Then load the model template:

## [1] 0


We do some benchmarking by hand. Note that we could have used a more formal approach using the microbenchmark package for example. We will repeat the simulation and parameter estimation 5 times to evaluate the time it takes to run these steps in TMB vs. native R. The input parameters are set up by default, see the simul function above. We consider 20 sampling occasions. The results are stored in 3 matrices that have as many rows as the number of simulations:

  • tab_optim contains the parameter estimates from the native R runs;

  • tab_tmb contains the parameter estimates from the native TMB runs;

  • tab_time contains the running times for R in the first column and for TMB in the second column.

MCiter <- 5
tab_optim <- matrix(0,MCiter,12)
tab_tmb <- matrix(0,MCiter,12)
tab_time <- matrix(0,MCiter,2) 

for(z in 1:MCiter){
	data <- simul(n.occasions=20)
	nh <- dim(data)[1]
	k <- dim(data)[2]
	km1 <- k-1
	eff <- rep(1,nh)
    fc <- NULL
    init.state <- NULL
    for (i in 1:nh){
      temp <- 1:k
      fc <- c(fc,min(which(data[i,]!=0)))
      init.state <- c(init.state,data[i,fc[i]])
    binit <- runif(12,-1,0)
    data <- t(data)
    # native R optim-like optimisation
    deb <- Sys.time()
    tmp_optim <- optim(binit,devMULTIEVENT,NULL,hessian=T,data,eff,fc,init.state,nh,km1,method="BFGS")
    fin <- Sys.time()
    res_optim <- fin-deb
    x <- tmp_optim$par
    piS <- plogis(x[1])
    piI <- plogis(x[2])
    # 1-piS-piI = 1 / (1+exp(par[1])+exp(par[2]))
    phiS <- plogis(x[3])
    phiI <- plogis(x[4])
    phiR <- plogis(x[5])
    psiSI <- plogis(x[6])
    pS <- plogis(x[7])
    pI <- plogis(x[8])
    pR <- plogis(x[9])
    deltaS <- plogis(x[10])
    deltaI <- plogis(x[11])
    deltaR <- plogis(x[12])
    par_optim <- c(piS, piI, phiS, phiI, phiR, psiSI, pS, pI, pR, deltaS, deltaI, deltaR) 
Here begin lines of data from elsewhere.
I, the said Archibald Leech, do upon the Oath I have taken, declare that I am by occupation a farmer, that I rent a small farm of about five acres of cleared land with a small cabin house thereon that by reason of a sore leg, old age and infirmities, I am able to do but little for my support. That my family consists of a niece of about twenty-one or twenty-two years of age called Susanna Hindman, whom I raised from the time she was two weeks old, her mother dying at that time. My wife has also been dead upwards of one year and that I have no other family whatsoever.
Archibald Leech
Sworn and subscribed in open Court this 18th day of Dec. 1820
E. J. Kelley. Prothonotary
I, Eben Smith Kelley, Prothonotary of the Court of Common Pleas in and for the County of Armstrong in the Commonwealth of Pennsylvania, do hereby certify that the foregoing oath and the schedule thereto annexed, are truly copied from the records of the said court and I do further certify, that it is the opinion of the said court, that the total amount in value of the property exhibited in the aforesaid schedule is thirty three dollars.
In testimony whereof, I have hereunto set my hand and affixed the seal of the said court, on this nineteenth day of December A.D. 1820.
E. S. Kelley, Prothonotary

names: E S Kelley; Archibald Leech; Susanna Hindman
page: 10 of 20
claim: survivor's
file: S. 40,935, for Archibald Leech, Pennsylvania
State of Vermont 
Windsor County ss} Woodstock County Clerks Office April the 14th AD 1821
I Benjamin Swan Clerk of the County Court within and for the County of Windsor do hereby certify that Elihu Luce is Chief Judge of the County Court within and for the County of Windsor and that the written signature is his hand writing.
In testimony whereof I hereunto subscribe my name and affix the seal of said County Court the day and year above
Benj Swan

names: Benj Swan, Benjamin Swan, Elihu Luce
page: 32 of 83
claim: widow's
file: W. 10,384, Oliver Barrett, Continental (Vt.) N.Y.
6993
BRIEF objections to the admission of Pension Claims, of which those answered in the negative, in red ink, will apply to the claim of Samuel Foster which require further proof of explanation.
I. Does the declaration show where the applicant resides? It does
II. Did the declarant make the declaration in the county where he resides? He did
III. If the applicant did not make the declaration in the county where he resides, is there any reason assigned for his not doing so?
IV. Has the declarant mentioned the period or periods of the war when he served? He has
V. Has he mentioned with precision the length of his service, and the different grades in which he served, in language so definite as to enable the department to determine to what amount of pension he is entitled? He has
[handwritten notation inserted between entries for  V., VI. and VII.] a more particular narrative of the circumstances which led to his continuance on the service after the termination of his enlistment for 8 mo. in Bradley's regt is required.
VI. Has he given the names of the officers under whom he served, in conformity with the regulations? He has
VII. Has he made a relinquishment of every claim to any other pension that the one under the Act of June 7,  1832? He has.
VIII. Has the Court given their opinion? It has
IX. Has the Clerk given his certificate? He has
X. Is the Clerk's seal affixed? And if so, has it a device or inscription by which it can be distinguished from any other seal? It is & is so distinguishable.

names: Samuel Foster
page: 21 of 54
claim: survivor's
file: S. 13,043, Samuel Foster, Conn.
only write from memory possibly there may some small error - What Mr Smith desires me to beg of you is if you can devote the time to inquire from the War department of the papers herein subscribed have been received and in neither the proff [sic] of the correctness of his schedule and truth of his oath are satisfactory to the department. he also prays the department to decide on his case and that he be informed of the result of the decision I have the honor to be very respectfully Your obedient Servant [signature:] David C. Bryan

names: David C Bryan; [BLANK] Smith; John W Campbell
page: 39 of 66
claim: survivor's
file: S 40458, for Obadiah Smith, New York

    # TMB-like optimisation    
    deb <- Sys.time()
    f <- MakeADFun(data = list(ch = data, fc = fc, fs = init.state),parameters = list(b = binit),DLL = "sir_tmb")
    opt <-"optim", f) # optimisation
    fin <- Sys.time()
    res_tmb <- fin-deb
    x <- opt$par
    piS <- plogis(x[1])
    piI <- plogis(x[2])
    # 1-piS-piI = 1 / (1+exp(par[1])+exp(par[2]))
    phiS <- plogis(x[3])
    phiI <- plogis(x[4])
    phiR <- plogis(x[5])
    psiSI <- plogis(x[6])
    pS <- plogis(x[7])
    pI <- plogis(x[8])
    pR <- plogis(x[9])
    deltaS <- plogis(x[10])
    deltaI <- plogis(x[11])
    deltaR <- plogis(x[12])
    par_tmb <- c(piS, piI, phiS, phiI, phiR, psiSI, pS, pI, pR, deltaS, deltaI, deltaR) 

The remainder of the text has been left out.